Cet événement inspira à Honoré Daumier une lithographie d’une expressivité et d'un réalisme tels qu’on la considère généralement comme une véritable œuvre d'art. Elle fut publiée dans L'Association mensuelle du 24 septembre 1834, le magazine de Charles Philipon qui était également le fondateur du Charivari.

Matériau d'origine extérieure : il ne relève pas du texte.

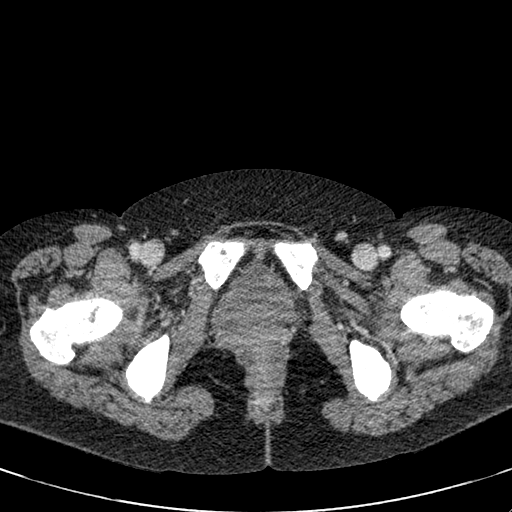

512x512 px; CT slice

{"urinary_bladder": ["(left=210, top=263, right=307, bottom=335)"]}

Baudelaire écrira en 1857 à propos de l'évocation graphique de ce massacre : « Ce n'est pas précisément de la caricature, c'est de l'histoire, de la triviale et terrible réalité ». Gustave Flaubert reprendra le thème en 1869 dans  L’Éducation sentimentale : « Un jour, — à quinze ans, — dans la rue Transnonain, devant la boutique d’un épicier, il avait vu des soldats la baïonnette rouge de sang, avec des cheveux collés à la crosse de leur fusil ; depuis ce temps-là, le Gouvernement l’exaspérait comme l’incarnation même de l’Injustice. »


[1] Elle s'est appelée successivement rue Trousse-Nonnain, rue Trace-putain, rue Tasse-Nonnain puis rue Transnonain. Elle deviendra une partie de la rue Beaubourg en 1851.